> [WHAT IS NEEDED]:
Filter the data below, keeping only lines that contain "plants".

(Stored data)
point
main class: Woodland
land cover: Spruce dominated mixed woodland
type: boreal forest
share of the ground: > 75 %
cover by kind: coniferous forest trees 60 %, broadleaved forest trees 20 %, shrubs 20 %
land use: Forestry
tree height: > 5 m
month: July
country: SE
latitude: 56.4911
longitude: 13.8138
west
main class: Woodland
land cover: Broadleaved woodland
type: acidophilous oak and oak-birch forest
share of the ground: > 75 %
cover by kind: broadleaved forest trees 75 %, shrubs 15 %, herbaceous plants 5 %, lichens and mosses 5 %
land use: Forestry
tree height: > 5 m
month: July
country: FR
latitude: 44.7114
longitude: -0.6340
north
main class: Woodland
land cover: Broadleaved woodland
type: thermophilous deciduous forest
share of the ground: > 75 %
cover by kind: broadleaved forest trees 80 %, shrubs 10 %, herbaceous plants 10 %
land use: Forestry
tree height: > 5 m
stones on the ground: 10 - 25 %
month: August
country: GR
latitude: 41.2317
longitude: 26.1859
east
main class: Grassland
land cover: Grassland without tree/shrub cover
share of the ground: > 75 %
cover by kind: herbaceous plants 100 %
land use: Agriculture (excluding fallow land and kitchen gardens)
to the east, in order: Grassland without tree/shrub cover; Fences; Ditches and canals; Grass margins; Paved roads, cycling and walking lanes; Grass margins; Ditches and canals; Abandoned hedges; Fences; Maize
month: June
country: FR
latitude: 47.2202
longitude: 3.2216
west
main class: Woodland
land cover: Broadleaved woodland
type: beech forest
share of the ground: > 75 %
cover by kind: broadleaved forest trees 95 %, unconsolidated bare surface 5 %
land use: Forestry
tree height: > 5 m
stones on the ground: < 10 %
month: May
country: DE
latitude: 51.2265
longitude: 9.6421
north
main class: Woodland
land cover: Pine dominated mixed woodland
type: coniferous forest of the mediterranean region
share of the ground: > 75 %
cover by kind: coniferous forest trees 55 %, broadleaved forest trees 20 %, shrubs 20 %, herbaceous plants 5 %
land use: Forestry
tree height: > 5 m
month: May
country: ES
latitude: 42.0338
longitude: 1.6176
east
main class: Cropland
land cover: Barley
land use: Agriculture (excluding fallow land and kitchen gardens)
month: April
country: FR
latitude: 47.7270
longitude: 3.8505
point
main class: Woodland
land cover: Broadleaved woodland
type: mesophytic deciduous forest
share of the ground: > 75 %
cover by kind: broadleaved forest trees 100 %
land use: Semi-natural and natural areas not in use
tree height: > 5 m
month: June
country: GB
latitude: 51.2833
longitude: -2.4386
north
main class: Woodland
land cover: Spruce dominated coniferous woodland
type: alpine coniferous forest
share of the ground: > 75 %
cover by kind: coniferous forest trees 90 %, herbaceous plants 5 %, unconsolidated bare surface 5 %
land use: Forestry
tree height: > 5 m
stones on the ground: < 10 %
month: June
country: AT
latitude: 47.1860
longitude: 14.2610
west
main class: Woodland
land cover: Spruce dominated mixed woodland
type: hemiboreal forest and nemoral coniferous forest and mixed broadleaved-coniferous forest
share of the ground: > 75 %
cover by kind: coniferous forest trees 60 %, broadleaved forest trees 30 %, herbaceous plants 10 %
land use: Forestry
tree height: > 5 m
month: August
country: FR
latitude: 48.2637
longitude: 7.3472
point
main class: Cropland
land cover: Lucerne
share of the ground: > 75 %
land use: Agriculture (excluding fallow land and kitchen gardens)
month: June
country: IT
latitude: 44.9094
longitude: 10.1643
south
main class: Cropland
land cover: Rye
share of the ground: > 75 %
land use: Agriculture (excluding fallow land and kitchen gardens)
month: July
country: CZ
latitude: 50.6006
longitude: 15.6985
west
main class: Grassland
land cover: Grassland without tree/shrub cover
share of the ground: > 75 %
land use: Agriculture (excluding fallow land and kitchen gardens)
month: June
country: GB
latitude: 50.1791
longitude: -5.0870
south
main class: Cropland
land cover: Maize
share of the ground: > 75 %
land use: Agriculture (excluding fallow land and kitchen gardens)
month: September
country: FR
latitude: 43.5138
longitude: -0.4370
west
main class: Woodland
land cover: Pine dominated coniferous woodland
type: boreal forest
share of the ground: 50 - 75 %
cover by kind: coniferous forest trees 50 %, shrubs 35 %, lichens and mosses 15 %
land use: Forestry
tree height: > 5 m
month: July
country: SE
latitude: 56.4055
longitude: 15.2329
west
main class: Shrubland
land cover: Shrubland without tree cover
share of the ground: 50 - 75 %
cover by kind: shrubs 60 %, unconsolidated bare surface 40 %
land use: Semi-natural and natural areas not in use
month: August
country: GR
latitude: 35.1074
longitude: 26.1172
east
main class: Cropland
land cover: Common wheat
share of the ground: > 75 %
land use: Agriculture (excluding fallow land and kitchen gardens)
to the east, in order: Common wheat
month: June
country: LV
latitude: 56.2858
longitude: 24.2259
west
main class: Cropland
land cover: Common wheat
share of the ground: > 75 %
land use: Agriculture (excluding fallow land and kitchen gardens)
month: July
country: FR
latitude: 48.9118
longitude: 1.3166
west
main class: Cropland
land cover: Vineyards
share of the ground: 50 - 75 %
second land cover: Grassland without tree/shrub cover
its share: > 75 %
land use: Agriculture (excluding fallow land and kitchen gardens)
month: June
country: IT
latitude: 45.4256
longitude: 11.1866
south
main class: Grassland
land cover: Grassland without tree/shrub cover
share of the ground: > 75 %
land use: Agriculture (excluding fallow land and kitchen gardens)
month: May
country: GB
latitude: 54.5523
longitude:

> [SOLUTION FOR THIS PROBLEM]:
cover by kind: broadleaved forest trees 75 %, shrubs 15 %, herbaceous plants 5 %, lichens and mosses 5 %
cover by kind: broadleaved forest trees 80 %, shrubs 10 %, herbaceous plants 10 %
cover by kind: herbaceous plants 100 %
cover by kind: coniferous forest trees 55 %, broadleaved forest trees 20 %, shrubs 20 %, herbaceous plants 5 %
cover by kind: coniferous forest trees 90 %, herbaceous plants 5 %, unconsolidated bare surface 5 %
cover by kind: coniferous forest trees 60 %, broadleaved forest trees 30 %, herbaceous plants 10 %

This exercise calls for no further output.